Problem to solve - The response must contain every line from the records below that has "enable".

Extracted information -
*** Block opens ***
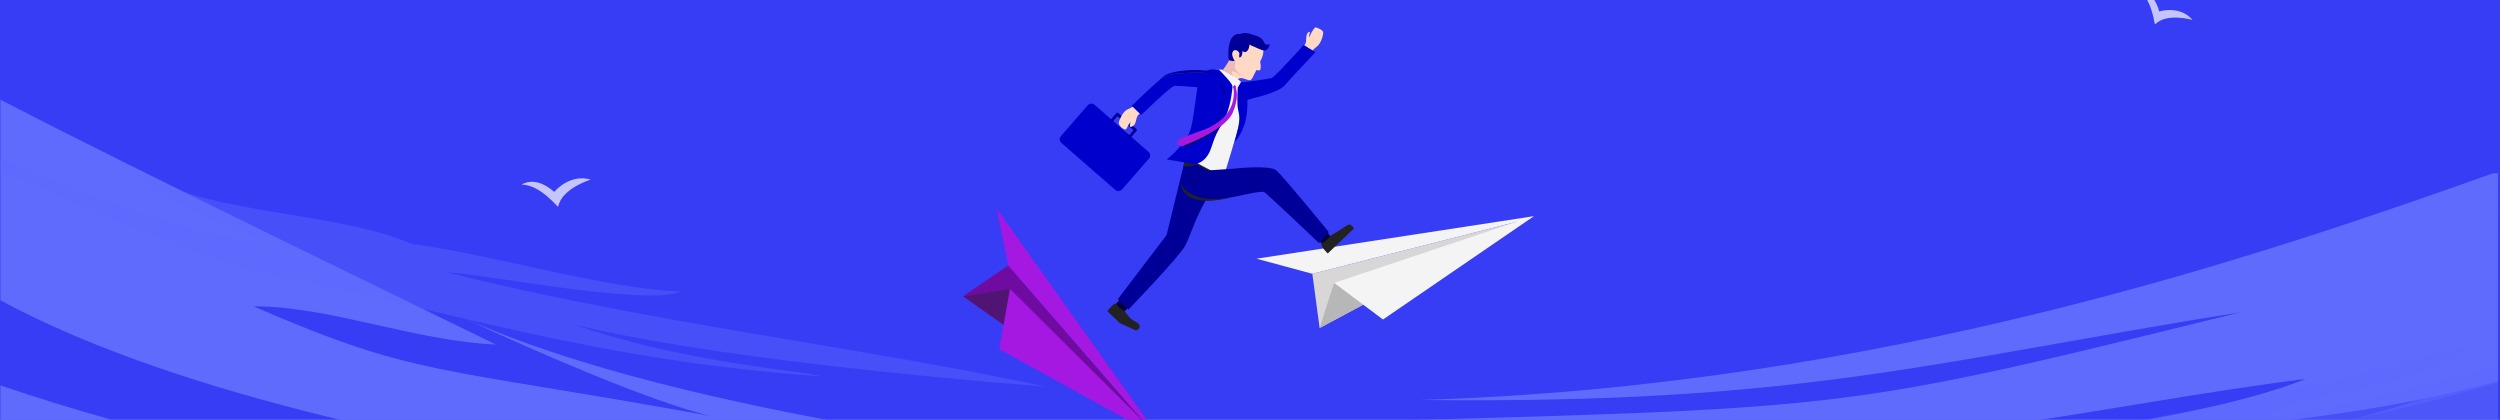<?xml version="1.0" encoding="utf-8"?>
<!-- Generator: Adobe Illustrator 28.0.0, SVG Export Plug-In . SVG Version: 6.00 Build 0)  -->
<svg version="1.1" id="Calque_1" xmlns="http://www.w3.org/2000/svg" xmlns:xlink="http://www.w3.org/1999/xlink" x="0px" y="0px"
	 viewBox="0 0 4994.3 838.8" style="enable-background:new 0 0 4994.3 838.8;" xml:space="preserve">
<style type="text/css">
	.st0{fill:#373CF5;}
	.st1{opacity:0.8;}
	.st2{fill:#6877FF;}
	.st3{opacity:0.55;fill:#6877FF;enable-background:new    ;}
	.st4{opacity:0.4;fill:#6877FF;enable-background:new    ;}
	.st5{opacity:0.7;fill:#FFFFFF;enable-background:new    ;}
	.st6{fill:#D8D6D6;}
	.st7{fill:#B7B7B7;}
	.st8{fill:#F4F4F4;}
	.st9{fill:#700BA2;}
	.st10{fill:#511472;}
	.st11{fill:#A518E2;}
	.st12{fill:#FFD9C6;}
	.st13{fill:#0000CC;}
	.st14{fill:#01003B;}
	.st15{fill:#222222;}
	.st16{fill:#000099;}
	.st17{fill:#DE4A07;}
	.st18{fill:#EFB9B7;}
</style>
<g id="Background">
	<rect x="-333.3" y="-233.6" class="st0" width="5392.3" height="1408.4"/>
</g>
<g id="Clouds">
	<g class="st1">
		<path class="st2" d="M3904.4,1107.3c43.2-18.6,708.6-158.8,717.7-198.1c-345.9,122.4-1087.9,250.6-1882.5,257.7
			c221.1,7.6,435.9,1.6,640.7,9.8c-83.1,11.6-183.3,14.3-282.3,15.5c123.8,8.1,251.8,1.9,377.3-0.8
			c-388.4,74.5-800.8,27.8-1197.8,23.5c833.7,116,1794.6,93.8,2712.9,34.7V857.3C4813,927.4,4534.3,1010.4,3904.4,1107.3z"/>
		<path class="st3" d="M3233.6,1468.3c-860.1-12-2044.4-69.6-2816.4-321c72.3-1.1,163.2,4.3,235.8-11.4
			c-212.1-50-443-71.3-652.2-120.1v309.1c174.1,35.6,383.1,68.1,604.2,82.2c-75.3-20-452.1-66.9-518.1-110.1
			c334.7,22.5,1087.7,167.8,1410.2,203.9c-341.2-55.6-863.1-179.9-1105-218c298.5,45.8,1630.5,241.6,1810.2,254.4
			c-93.1-9.1-648.7-87-773.8-142.8C1851.1,1457.2,2480.2,1502.5,3233.6,1468.3z"/>
		<path class="st2" d="M4969.3,1055.4c7-0.9,14-2,20.9-3.2V1010c-282.2,50.7-685.2,88.1-1009,119.1c162.6,5.5,621.2-30.6,940.5-65.8
			c-286.8,66.7-1131.7,151-1844.9,177.3c761.9,19.6,1324.8-67.8,1594-49c-375.6,37.3-779.8,57.7-1138.2,111.4
			c467.6-12.3,980.5-79,1457.7-95.6v-153.9C4983.2,1054.1,4976.3,1054.8,4969.3,1055.4z"/>
		<path class="st2" d="M4980.6,346.1C4534.4,504.3,3764.7,771.8,2836.5,799c759,9,1016.5-75.5,1639.9-175.3
			c-892,219.9-755.5,186.9-2155.2,229.7c351.9,23.3,739.4,31.9,1105.1,5.1c-8.3,16.9-34.4,17.3-74.1,26.1
			c448.4,29.2,848.6-77.1,1254.1-127.6c-135.8,54.1-332.2,84.5-505,115.8c289.3-8.6,623.2-37.9,888.9-111.5V345.9
			C4987.1,345.9,4984,346,4980.6,346.1z"/>
		<path class="st2" d="M488.3,984c536,2.8,650.1,110.3,1508.8,152.2C1465,1101.3,548,958.4,0.8,769.8v160
			c292.2,69.1,570.7,144.9,917.5,162.6C765.4,1060.8,608.1,1047.3,488.3,984z"/>
		<path class="st4" d="M4516.1,834.9c124.2-63.7,319.7-54.6,422.4-147.9c-678.9,193.6-1333.7,265.6-2115.4,268.8
			c400.9,34.2,683.8,0.3,942.1-10.4c-61.1,12.9-211.4,27.3-273.3,37.3c194.1,0.5,569.4-30.7,961.2-84.5
			c-64.4,2.3-128.7,4.5-193.1,6.5c-81.2,6.9-155.8,9.3-218.3,6.2c72.8-1.9,145.5-3.9,218.3-6.2c232.5-19.6,519.1-75.3,730.2-140.8
			v-31.2C4819.8,774.5,4607.8,828.1,4516.1,834.9z"/>
		<path class="st3" d="M3613.9,1035.8c71.4-1.7,655.7-38.8,709.2-40c-67.1,11.5-839.8,155-1321.3,201.6
			c562.2-4.7,1403.9-116.6,1426.7-172.8c145.2-1.6,263.8-92.5,411.4-83.1c42.1-16.9,95.7-54.5,150.3-75.3v-118
			C4531.1,904.3,4202.2,954.4,3613.9,1035.8z"/>
		<path class="st2" d="M4990.2,1145.7v-46.8C4829.2,1183.9,4876.1,1176.1,4990.2,1145.7z"/>
		<path class="st2" d="M873.9,633.1c-21.4-13.1-40.5-25.2-56.3-35.5C835.4,609.7,854.2,621.6,873.9,633.1z"/>
		<path class="st2" d="M3009,1086.4c-851.4-75.7-994.3-81.9-1598.5-207.5c415.1,30.6,752,92.3,1207.2,88.6
			c-419.1-38-1256.1-134.2-1691.9-332.7c141.6,67.2,380.3,169.6,492.9,196c-557.3-101-585-77.4-912.4-218.8
			c147.7-1.2,322.6,69.3,484.5,76.3c-105.7-51.7-734.6-355.9-990-489.3v400.9C704.7,980.1,2259.6,1074,3009,1086.4z"/>
		<path class="st2" d="M136,471.9c-7.4-8.6-14.5-17.5-21.3-26.8C121,455,128.1,463.9,136,471.9z"/>
		<path class="st4" d="M2089.8,772.6C1733.1,694.8,1283.2,643.2,893.6,544c74.4,3.6,403,68.9,465.7,38.2
			c-155.5-5.6-390.7-77.6-536.6-94.7c-159.7-71.2-441.9-54.2-586-167.9c82.2,74.2,186.6,131.2,329.2,170.1
			c-220-25.6-391.7-102.4-565-171v23c164.3,67.9,316.5,144.4,518.6,202.5c379.7,76.8,674,177.4,1124.6,207.8
			c-48.4-12.1-283.2-28.7-497.2-103.8C1397.2,710.3,1842.8,753,2089.8,772.6z"/>
	</g>
	<path class="st5" d="M177-285c0,2.2-38.7-31.9-71.6-25.2c0,0,19.6-22,59.4,1c0,0,19.6-37.9,59.3-34.7
		C224.1-343.9,177.2-319,177-285z"/>
	<path class="st5" d="M4305.2,48.6c-1.6,1.6-5.1-49.9-33.2-68.2c0,0,29.4-1.9,41.6,42.5c0,0,40.7-13.2,66.5,17
		C4380.1,39.9,4329.2,24.6,4305.2,48.6z"/>
	<path class="st5" d="M1115,412.8c-0.5,2.5-35.2-43.9-72.9-44c0,0,26.6-19.7,65.1,14.6c0,0,30.2-37.2,73-24.6
		C1180.3,358.9,1123,375.5,1115,412.8z"/>
</g>
<g id="PaperPlanes">
	<g>
		<polygon class="st6" points="2621.7,547 2636.2,655.3 3030.1,443 		"/>
		<polygon class="st7" points="2636.2,655.3 2729.2,605.7 2665.3,565.1 		"/>
		<polygon class="st8" points="3030.1,443 2665.3,565.1 2762.8,638.3 3064.5,431.8 2510.1,516.8 2621.7,547 		"/>
	</g>
	<g>
		<polygon class="st9" points="2014.2,530.1 1924,591.8 2290.6,848.4 		"/>
		<polygon class="st10" points="1924,591.8 2010.1,652.5 2017.7,577.2 		"/>
		<polygon class="st11" points="2290.6,848.4 2017.7,577.2 1996.1,697.2 2316.1,874 1991,416.8 2014.2,530.1 		"/>
	</g>
</g>
<g id="Man">
	<g>
		<g>
			<path class="st12" d="M2604.4,92.3c0,0,3.8-4.7,4.5-7.8c0.7-3.2-0.2-8.2,1.4-14.2s5.6-7.5,6.5-6.6c0.9,0.9-2.8,6.9-1.4,10.9
				c0,0,4.1-9.3,6.3-12.4c2.2-3.1,4.6-8.1,7.2-7.4c2.6,0.7,13.2,4.6,14.3,9.2c1.1,4.7-4,22.5-12,28.6c-8,6.1-9.9,9.4-9.9,9.4
				L2604.4,92.3z"/>
			<path class="st13" d="M2465.9,166.7c0,0,67.2-8.6,74.1-10.6c6.9-2,64.4-66.3,64.4-66.3l23.5,14.5c0,0-45.6,48.1-61.7,66.4
				c-13.2,15-64.6,25.9-64.6,25.9s-25,11.6-39.1-6.7C2448.4,171.5,2465.9,166.7,2465.9,166.7z"/>
		</g>
		<g>
			<polygon class="st14" points="2630.1,475.5 2642.2,488.8 2658.9,473.8 2647.3,457.9 			"/>
			<path class="st15" d="M2639.6,486c0,0,5.2,1.1,17.6-14.5c0,0,27.6-16.8,31.9-20c4.3-3.2,7.2-3.7,10.1-1.7
				c2.9,2.1,5.8,6.4,5.8,6.4l-52.5,50.2C2652.6,506.4,2638.3,493.3,2639.6,486z"/>
		</g>
		<g>
			<polygon class="st14" points="2239.4,595.5 2227.9,609 2244.9,623.4 2258.8,610.1 			"/>
			<path class="st15" d="M2230.3,606.2c0,0-0.4,5.2,16.5,15.3c0,0,5.5,8.8,12.4,15c5.5,5,12.5,7.3,14.1,9c3.7,3.7,4.6,6.5,2.9,9.7
				c-1.7,3.2-7,5.1-7,5.1l-32.1-14.9l-25-23.9C2212.1,621.5,2223.1,605.9,2230.3,606.2z"/>
		</g>
		<path class="st16" d="M2366.8,321.2l-36.3,148.4l-97.5,128l21.3,20.8c0,0,103.8-107.5,114.1-128.8c10.7-21.9,20.2-54.9,41-90.6
			l32.9-55.2L2366.8,321.2z"/>
		<path class="st16" d="M2405.6,389.6c14.4-24.2,26-44.3,26-44.3L2405.6,389.6z"/>
		<g>
			<path class="st15" d="M2429.1,343.2c0,0-34.6-16.5-53.7-27.3c0,0-1.7,1-1.8,4c0,0,40.7,22,70.3,34.8l1.5-3.9L2429.1,343.2z"/>
			<polygon class="st17" points="2440,347.2 2429.9,341.9 2426.7,347.5 2437,352.3 			"/>
		</g>
		<g>
			<path class="st12" d="M2523.8,95.8c0,0,2.3,12.2-6.4,27.2c0,0,2.4,10.5,0.2,16.5c-0.7,2-7.7,0.5-7.7,0.5s-5.1,10.2-7.2,14.2
				c-2.1,4-3.9,7.3-9.2,5.7c-5.4-1.6-15-6.1-19.2-2.5c-4.2,3.6-9,12.1-9,12.1s-0.9-10.2-3-15.6c-2.1-5.3-4.9-14.8-11.9-22.2
				c0,0,6.6-5.6,5.8-20.7c-0.8-15.1,4.9-33.7,19.5-36.6C2490.5,71.4,2522.5,77.9,2523.8,95.8z"/>
			<path class="st18" d="M2466.5,121.5c0,0,1.5,2,2.1,2.5c0,0-2.3,8.3-1.9,10.3c0.4,2,3,9.9,23.4,24.1c0,0-20.8-14.1-25.4-15.7
				c-4.7-1.5-4.1,0.9-3.3,2.5c0.8,1.7,3.1,17.7,3.1,17.7s-3.3-10.6-21.6-23.1c0,0,11-14.3,13-21
				C2458.2,112.2,2466.5,121.5,2466.5,121.5z"/>
			<path class="st16" d="M2536.2,88.1c0,0-6.6,2.9-9.1-0.4s-4.3-11.4-14.5-15.1c-10.2-3.7-25.2-10-35.4-4.6c0,0-12.3-2.8-18.5,11.7
				c-6.2,14.4-4.7,30.6-4.7,30.6l0,0c-0.1,4.1,0.2,9.7,2,10.3c5,1.8,10.6,1.2,10.6,1.2s-7.2-10.6-4.4-17.4s9.1-3.7,10.5-2.5
				c1.3,1.2,4.1,4.2,3.2,6.6c-0.9,2.4-0.1,6.3-0.1,6.3s6,1.3,6.5-13.3c0,0,5,6.4,10.5-1.2c3.8-5.3,2.5-12.7,4.2-11.2
				c1.9,1.7,4.9,3,8.2,4.1l0,0c0,0,16.4,8.3,21.5,7.8C2531.7,100.2,2536.3,93.4,2536.2,88.1z"/>
		</g>
		<path class="st15" d="M2394.9,325.3c0,0-9.1,2.6-28.8-1.1l-1.9,7.8C2364.1,332.1,2384.4,335.1,2394.9,325.3z"/>
		<g>
			<path class="st8" d="M2441.5,139c0,0-32.5-1.6-39.3,9.8c-6.7,11.4-21.7,120.4-30.4,165.4c0,0,54.8,33.3,73.5,36.7
				c0,0,25.7-82.6,31.5-108.4s27.4-66.3-6.4-85.8C2455.6,148,2441.5,139,2441.5,139z"/>
			<path class="st13" d="M2434.9,139c0,0,26.6,26.6,27.1,32.9c0.4,6.3-4.1,45.4-17.4,69.5s-14.5,22.5-25.2,54.5
				s-33.7,31.9-33.7,31.9l-54.9-9.3c0,0,40.5-31,48.5-63.1s10.7-80.7,16.4-96.4C2401.4,143.4,2409.3,136.4,2434.9,139z"/>
			<path class="st13" d="M2479.5,163.4l-6.8,11.5c0,0-1.3,20.6-0.5,35.8c0.8,15.2,8.6,20-1.5,56.6l-4.3,16.1c0,0,11.4-9.7,19.9-35.2
				C2494.8,222.8,2495.1,167.8,2479.5,163.4z"/>
			<polygon class="st16" points="2428.4,138.6 2448.3,185.5 2456.7,191.7 2444.3,186.4 			"/>
			<polygon class="st16" points="2456.7,191.7 2444.2,201.3 2426.4,276.3 2441.1,201.9 			"/>
			<g>
				<path class="st14" d="M2366.3,293.5c0,0,57.8-23.7,72.3-41.3c0,0-53.9,29.7-70,35.7L2366.3,293.5z"/>
				<path class="st11" d="M2468.6,175.2c0.8-1.2,1-2.4,1-2.4l-3.6-3.2l-3.2,4.6c0,0,0.3,1.9,1.5,2.6c0.9,5.5,5.4,42.1-31.7,67.9
					c-22.8,15.9-36,15.9-74.5,32.3l-8.2,10.8l10.5,4.7c0,0,86.8-30.6,102.4-67.9C2475,195.9,2470.5,179.9,2468.6,175.2z"/>
			</g>
		</g>
		<g>
			<g>
				<path class="st13" d="M2227.9,379.3l-107.6-93.9c-4-3.5-4.5-9.6-0.9-13.6l53.7-61.5c3.5-4,9.6-4.5,13.6-0.9l107.6,93.9
					c4,3.5,4.5,9.6,0.9,13.6l-53.7,61.5C2238,382.4,2231.9,382.9,2227.9,379.3z"/>
				<g>
					<path class="st16" d="M2255.3,274.8c-1.2-1-1.3-2.8-0.3-4l9.4-10.7l-32-28l-9.4,10.7c-1,1.2-2.8,1.3-4,0.3
						c-1.2-1-1.3-2.8-0.3-4l11.2-12.9c1-1.2,2.8-1.3,4-0.3l36.3,31.7c1.2,1,1.3,2.8,0.3,4l-11.2,12.9
						C2258.2,275.7,2256.4,275.8,2255.3,274.8z"/>
				</g>
			</g>
			<g>
				<g>
					<path class="st12" d="M2278.4,225.7c0,0-4.8,3.6-6.3,6.4c-1.4,2.9-3,9.1-3,9.1l-5-2.9c0,0-4.4,3.6-9.1,10.3
						c-2.6,3.6-3.6,8.1-5.8,9.7c-3.1,2.3-16.2-7.4-14.1-14.5c1.4-4.6,8-21.2,17.3-25.2c9.3-3.9,11.9-6.7,11.9-6.7L2278.4,225.7z"/>
					<path class="st12" d="M2269.9,238.9c0,0-1.5,8.8-5.2,11.8c-3.6,3-8.2,4.6-7.6-0.4c0.6-5,2.9-10.7,4.8-13.4
						C2263.9,234.2,2269.9,238.9,2269.9,238.9z"/>
				</g>
				<g>
					<path class="st13" d="M2337.6,149c-7.3,2-18.3,8.1-18.3,8.2c-20.4,17.3-58.5,54.1-58.5,54.1l19,18.5c0,0,59.4-58,66.6-58.4
						c7.2-0.5,74.7,5.1,74.7,5.1s24.4,0.1,13.1-23.2c-0.7-1.5-1.8-2.8-3.2-4c-0.5-0.1-14.4-3.2-30.1-4.1
						C2384.8,144.2,2344.9,147,2337.6,149z"/>
					<path class="st16" d="M2326.9,150.9c-2,1.5-4.7,3.6-7.7,6.2c0.1,0,11-6.2,18.3-8.2c7.3-2,47.2-4.7,63.3-3.9
						c15.7,0.9,29.6,4,30.1,4.1C2412.8,133.4,2341.8,139.9,2326.9,150.9z"/>
				</g>
			</g>
		</g>
		<path class="st16" d="M2464.1,337c0,0,71.1-8.1,85.3,3.2c13.3,10.7,105,123.3,105,123.3l-19.4,22.1c0,0-106.9-101.7-110.1-102.2
			c-22.2-2.8-107.8,28-135,12.6c-31.7-17.9,13.2-54.8,13.2-54.8L2464.1,337z"/>
		<path class="st15" d="M2460.7,394.2c0,0-96.6,27.9-102.2-29.5C2358.6,364.6,2370.1,410.1,2460.7,394.2z"/>
	</g>
</g>
</svg>
*** Block closes ***
Completed task -
	 viewBox="0 0 4994.3 838.8" style="enable-background:new 0 0 4994.3 838.8;" xml:space="preserve">
	.st3{opacity:0.55;fill:#6877FF;enable-background:new    ;}
	.st4{opacity:0.4;fill:#6877FF;enable-background:new    ;}
	.st5{opacity:0.7;fill:#FFFFFF;enable-background:new    ;}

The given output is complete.